__SUPPLIED ENTRIES__:
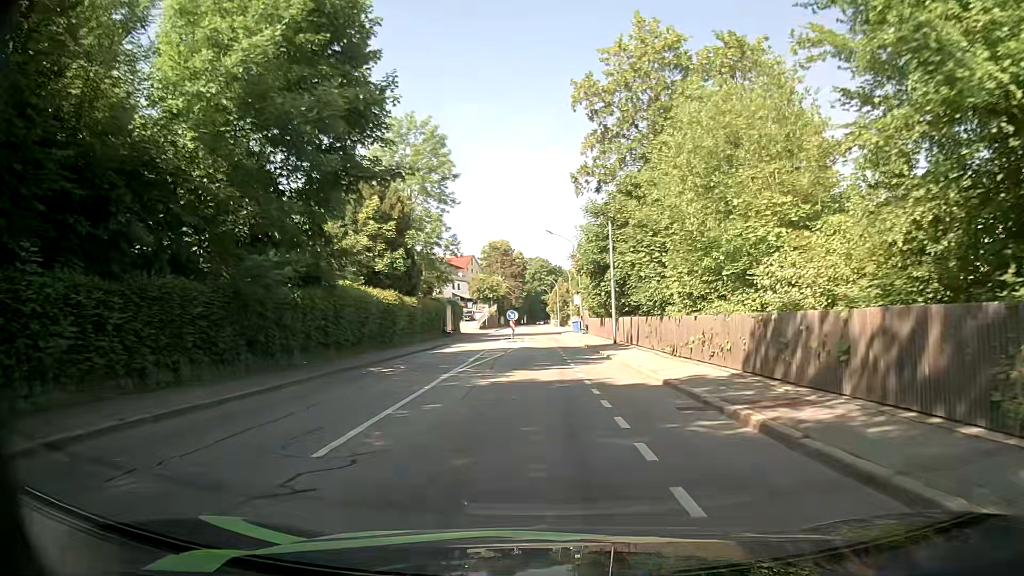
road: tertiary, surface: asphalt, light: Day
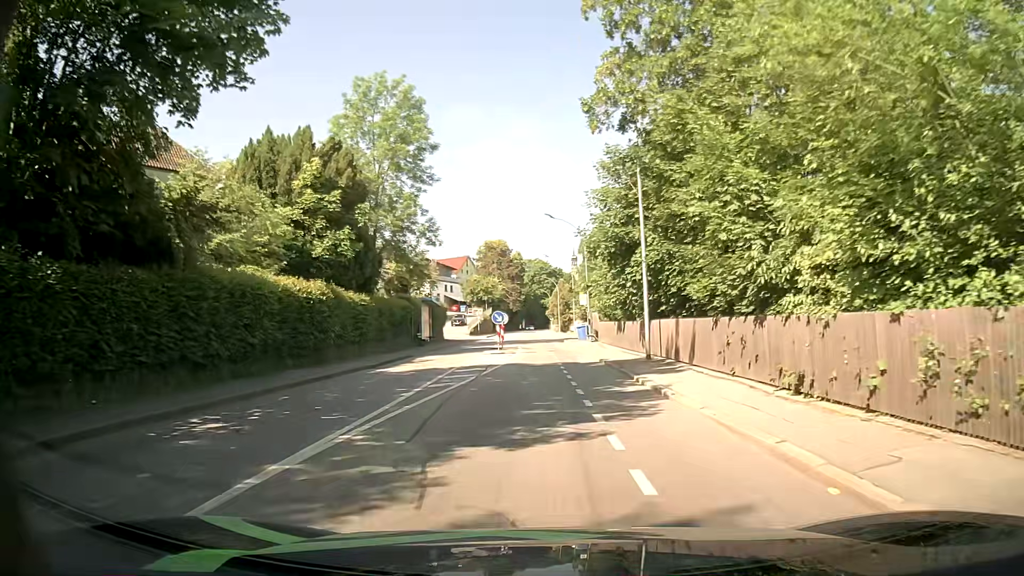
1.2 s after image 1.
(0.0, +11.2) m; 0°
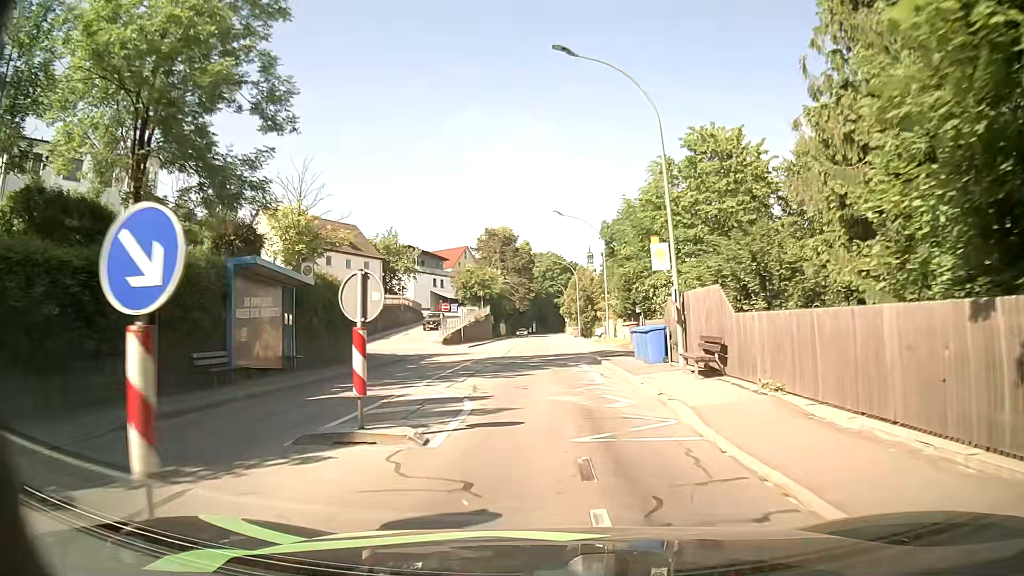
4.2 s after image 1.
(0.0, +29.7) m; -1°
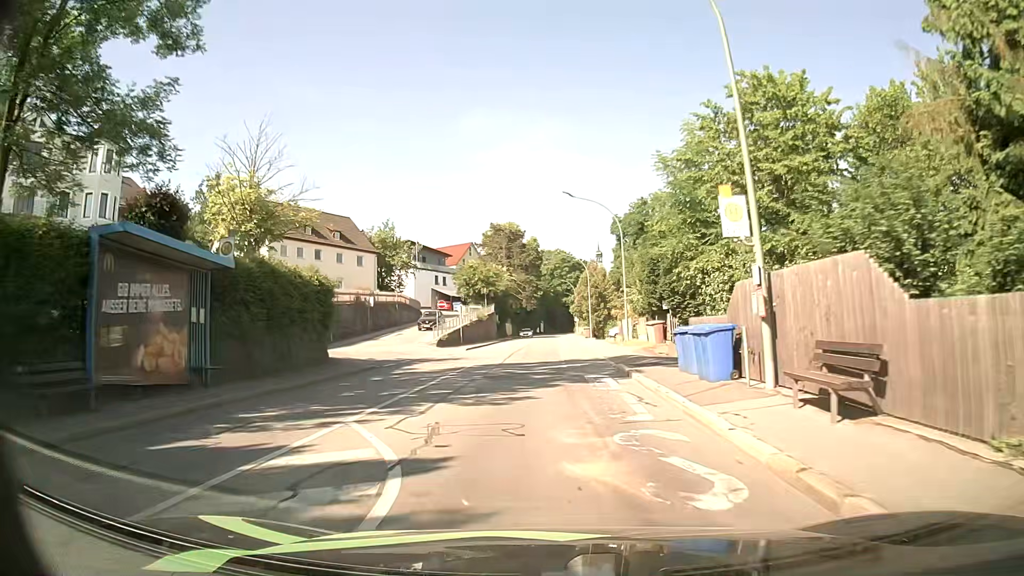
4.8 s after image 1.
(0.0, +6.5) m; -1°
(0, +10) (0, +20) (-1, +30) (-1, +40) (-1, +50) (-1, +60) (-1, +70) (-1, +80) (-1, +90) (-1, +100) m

__TASK GOAL__: Everything from the line with "1.2 s after image 1." through the final line of the material is to be returned exactly, both ends included, apart from the pictures.

__WRITTEN SOLUTION__:
1.2 s after image 1.
(0.0, +11.2) m; 0°
4.2 s after image 1.
(0.0, +29.7) m; -1°
4.8 s after image 1.
(0.0, +6.5) m; -1°
(0, +10) (0, +20) (-1, +30) (-1, +40) (-1, +50) (-1, +60) (-1, +70) (-1, +80) (-1, +90) (-1, +100) m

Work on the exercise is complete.